Nope, the shell doesn't even know about what a shebang is, it's just a comment for that matter.

i am still a bit confused . since fork+exec is done in both cases, how different is the fork+exec in the first case (when doing a ./somescript) from the fork+exec when we do a 'sh somescript'? how can the shell in the latter case execute the script even if it has no 'x' permission?

Yes the post by jlliagre is right.
When you "sh some_script", the shell only reads the script, so it doesn't matter if execute permission is there or not. So to be exact, only read permission is "necessary", execute permission is fine but it doesn't matter.
The exec() class of calls handles the shebang all on its own without the help of the shell.

Okay, that is making it more clear. The bash man-page talks about finding executable files in $PATH, but that is only for the purpose of searching. Once found or unambiguously specified, then the execute permission is irrelevent.

--- rod.

I'm sorry, I probably wasn't very clear. I was only referring to what happens when you "sh some_script". In bash, when you type "sh some_script" the PATH is searched to find the "sh" executable only, because an absolute path wasn't specified in my example cmdline.

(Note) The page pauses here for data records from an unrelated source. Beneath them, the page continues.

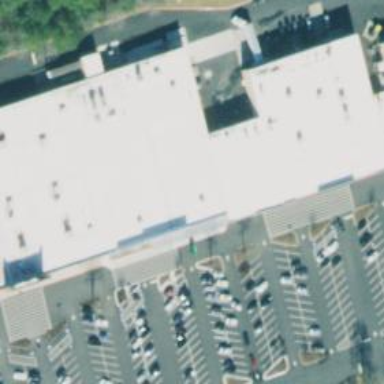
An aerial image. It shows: Supermarket.
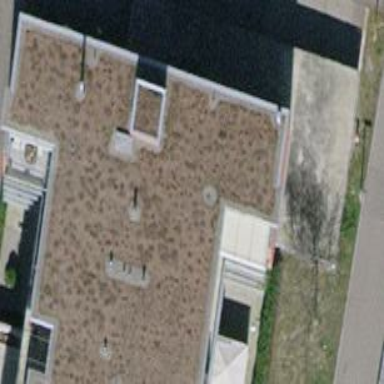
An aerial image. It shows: Modern apartment building with flat roof design.
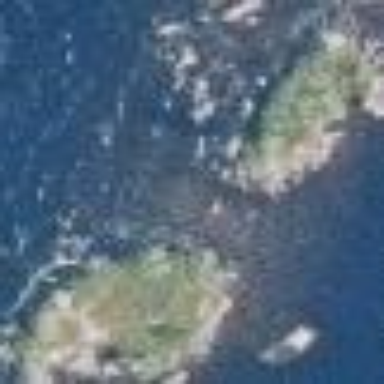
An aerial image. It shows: Islet.
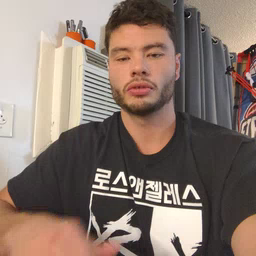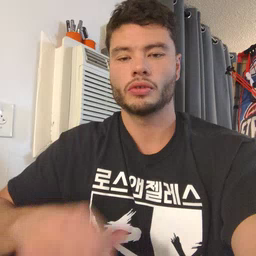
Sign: scissors
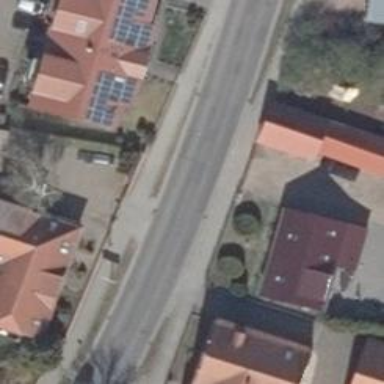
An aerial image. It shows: Secondary road with asphalt surface and sidewalks on both sides.
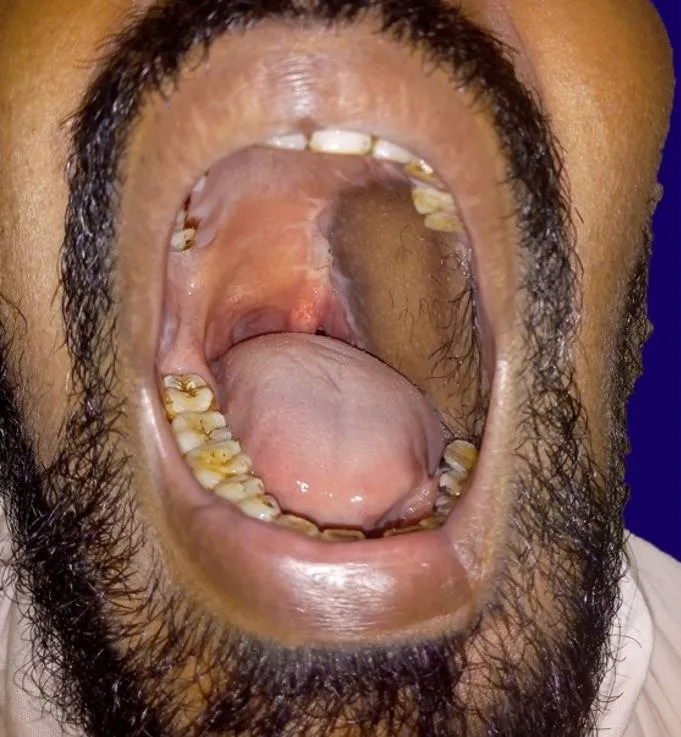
Complete closure of the surgical defect with pectoralis major myocutaneous flap six weeks after the surgery.
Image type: medical_photograph (oral_photograph)
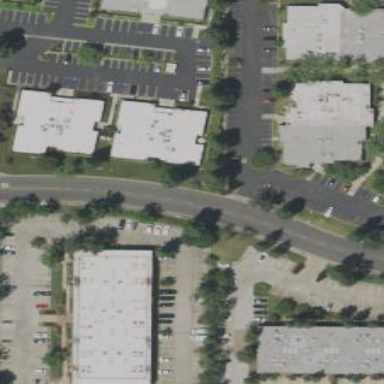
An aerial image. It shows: Commercial area.
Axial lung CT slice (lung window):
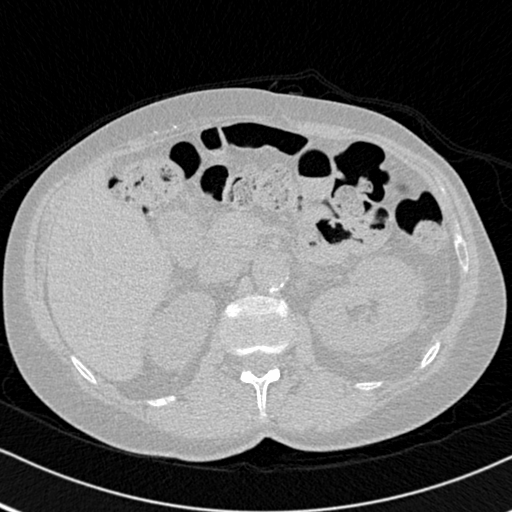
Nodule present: no
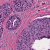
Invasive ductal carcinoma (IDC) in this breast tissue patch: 0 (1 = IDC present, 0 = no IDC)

Then the argument "some_script" is passed to that program "/bin/sh" because that's where it was found in the PATH. /bin/sh is executed via fork()/exec() by the current shell that is parsing your command line. /bin/sh in turn opens the file some_program for reading.

When you specify ./some_script doesn't involve PATH either in that case because you are specifying an absolute path (well relative actually).
bash tries to fork() and exec() it directly but only if its executable, and then the kernel examines the shebang if that is what it is.

Actually, the execute permission is still required for the execve system call to succeed, my point is it isn't sufficient, a valid magic number being another requirement.
Execute permission is ignored when the script is passed as a shell argument, or read from the shell stdin.

Edit: bash doesn't care about the execute flag, and try the execve anyway, just in case ...

Thanks jlliagre, I meant to say that.
I really wasn't completely sure if bash checked or not before passing it to exec(), in theory at least it could avoid the "for sure" error that would result from calling exec() on an argument that does not have execute permission... but again whatever it really does it will fail like you said without it.